Прикоснулся ко лбу и к затылку. Сухая повязка крепко сжимала рану. В голове пусто и светло, а впереди граница, за которой счастье и полный покой. Стоит лишь переступить ее, и окунешься в нирвану, в вечную умиротворенность и… одиночество. Всего лишь шаг отделяет тебя от райских планет. Шаг — и жизнь превратится в сон, а сон в жизнь, в которой только ты, и кроме тебя нет никого… И нет Агаты.
Эта мысль молнией пронзила висок.
— Нет! — вдруг, что есть силы крикнул он и дернулся вперед, пытаясь подняться.
«Эти видения… к черту все! Возьми себя в руки, тряпка!»

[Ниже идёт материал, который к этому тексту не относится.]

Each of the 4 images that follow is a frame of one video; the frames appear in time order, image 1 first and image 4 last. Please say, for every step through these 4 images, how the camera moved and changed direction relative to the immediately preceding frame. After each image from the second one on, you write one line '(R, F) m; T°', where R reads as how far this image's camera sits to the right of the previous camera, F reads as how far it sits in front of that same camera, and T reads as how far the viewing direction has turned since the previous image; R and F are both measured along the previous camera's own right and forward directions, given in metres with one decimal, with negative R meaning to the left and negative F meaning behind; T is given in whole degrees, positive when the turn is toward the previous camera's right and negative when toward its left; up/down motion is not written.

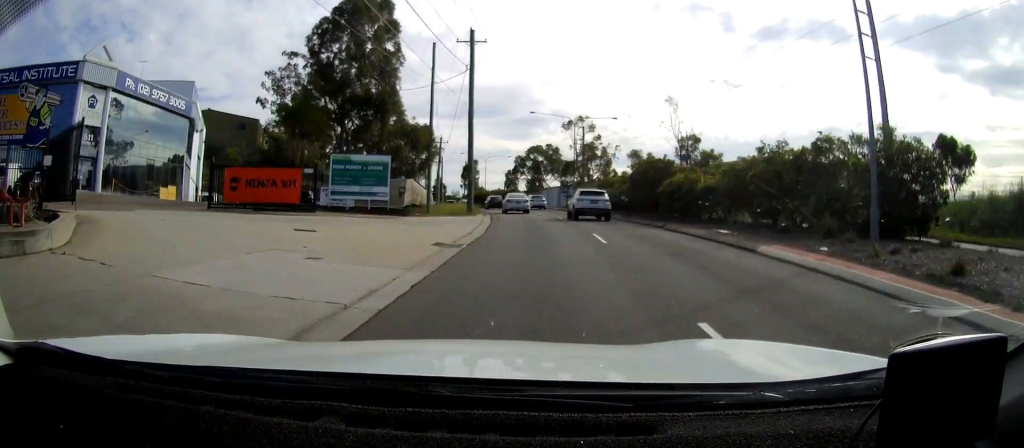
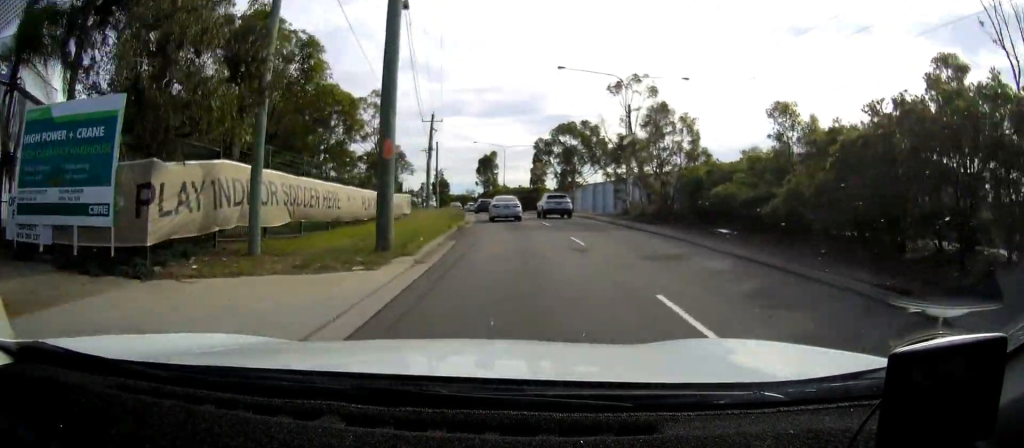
(0.0, +23.7) m; 0°
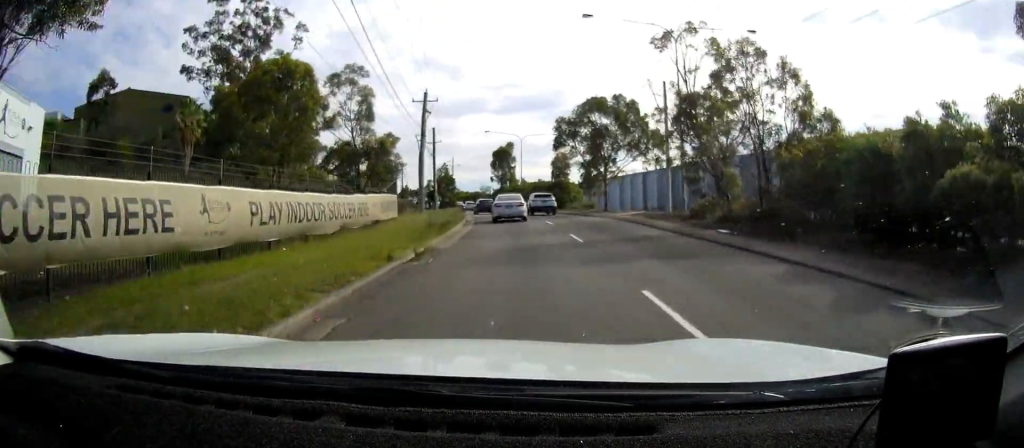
(0.0, +11.8) m; -1°
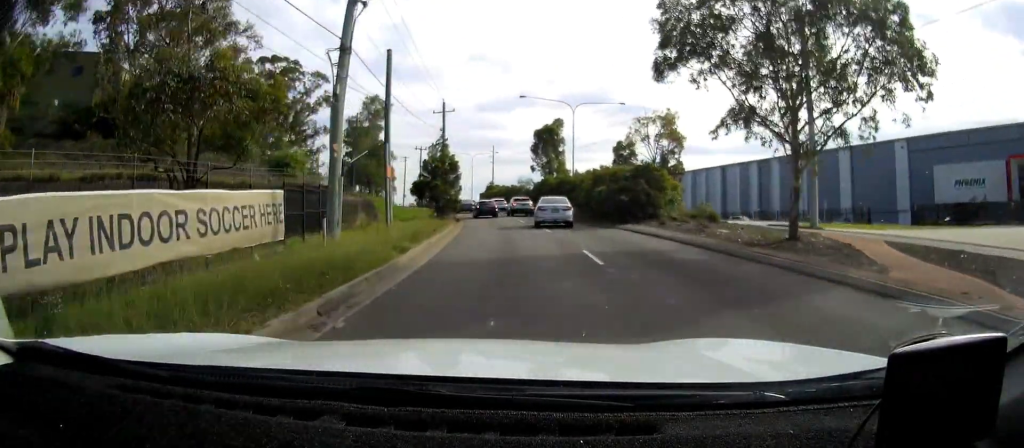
(-2.3, +25.5) m; -8°

— Переступи! — услышал Феликс, и темная человеческая фигура нависла над ним. За ее широкими плечами, оставляя оранжевую дорожку на серебристо-черной поверхности огромной металлической глыбы, неподвижно повисшей высоко в звездном небе, молодой месяц с интересом заглядывал Феликсу в лицо.
«Нет! — Феликс мотнул головой еще сильнее. — Очнись! Черт тебя дери, где твоя сила воли!»
Ударил себя по щекам.
«Ну же, быстро приходи в себя!»
И тут, будто пелена упала с глаз. Полковник снова ощутил себя прежним. Сразу заныло плечо. Боль пронзила ушибленный бок. Появилось чувство тревоги, и он машинально потянулся к кобуре.
Темный силуэт опустился на колени и приблизился к нему. И луна приблизилась тоже.
— Ничего не выйдет, — выдохнул незнакомец.
«О чем это?» — пронеслось в голове.
Длинные черные волосы скрывали лицо незнакомца, но теряя сознание, Феликс узнал его. Он видел его в своих снах. В тех, что врезаются в память и остаются там навсегда.